The verity-sdk library (libs/verity-sdk/) provides the abstract base class and dataclasses required to build platform connectors for the Verity platform. Every connector — whether for Azure AD, Fabric, Synapse, Databricks, or a custom source — extends BaseConnector and implements two methods.

Architecture

sequenceDiagram
    participant Source as Source Platform
    participant Connector as BaseConnector
    participant PG as PostgreSQL<br/>(Checkpoints)
    participant Kafka as Kafka

    Connector->>PG: _load_checkpoint()
    PG-->>Connector: last_ts (or epoch)
    loop For each audit event
        Connector->>Source: stream_audit_events(since)
        Source-->>Connector: RawEvent
        Connector->>Kafka: publish to verity.events.raw.{platform}
        Connector->>PG: _save_checkpoint(occurred_at)
    end

Dataclasses

RawEvent

Represents a raw audit event from a source platform, published to Kafka for downstream enrichment and normalisation.

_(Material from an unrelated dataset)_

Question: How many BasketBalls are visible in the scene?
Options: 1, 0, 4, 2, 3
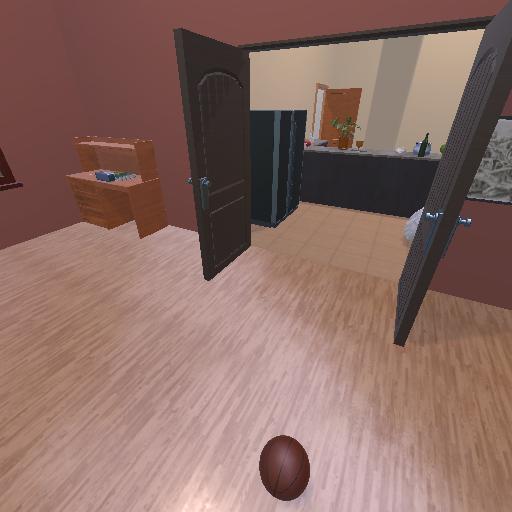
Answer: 1
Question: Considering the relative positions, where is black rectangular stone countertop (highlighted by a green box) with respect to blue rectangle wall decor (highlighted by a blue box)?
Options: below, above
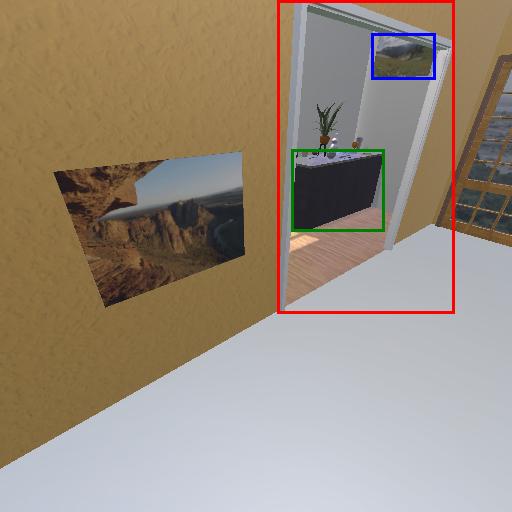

from dataclasses import dataclass, field
from datetime import datetime

@dataclass
class RawEvent:
    """A raw audit event from a source platform."""
    platform: str               # e.g. "azure_ad", "fabric", "databricks"
    event_id: str               # Unique event ID from the source
    occurred_at: datetime       # When the event occurred (UTC)
    principal_ref: str          # Source-specific user/principal reference
    asset_ref: str              # Source-specific asset/resource reference
    operation: str              # e.g. "SELECT", "INSERT", "LOGIN"
    raw_payload: dict = field(default_factory=dict)  # Full original payload

PermissionSnapshot

Represents a point-in-time snapshot of a permission grant, captured during periodic permission scans.

@dataclass
class PermissionSnapshot:
    """A point-in-time snapshot of a permission grant."""
    platform: str               # Source platform identifier
    principal_ref: str          # Source-specific user reference
    asset_ref: str              # Source-specific asset reference
    privilege: str              # e.g. "READ", "WRITE", "ADMIN"
    grant_mechanism: str        # e.g. "direct", "group", "role", "policy"
    granted_via: str | None = None      # Group/role name, if applicable
    snapshot_at: datetime | None = None # When the snapshot was taken
    raw_payload: dict = field(default_factory=dict)

BaseConnector ABC

The BaseConnector abstract base class provides the foundation for all connectors. Subclasses must implement two abstract methods and inherit automatic checkpointing and Kafka publishing.

Constructor

class BaseConnector(ABC):
    def __init__(self, config: Any, kafka_producer: Any, db_pool: Any) -> None:
        self.config = config
        self.kafka_producer = kafka_producer
        self.db_pool = db_pool
Parameter Type Description
config Any Connector-specific configuration dict (must include connector_id)
kafka_producer Any An AIOKafkaProducer instance for publishing events
db_pool Any An asyncpg connection pool for checkpoint persistence

Abstract Methods

stream_audit_events(since: datetime) -> AsyncIterator[RawEvent]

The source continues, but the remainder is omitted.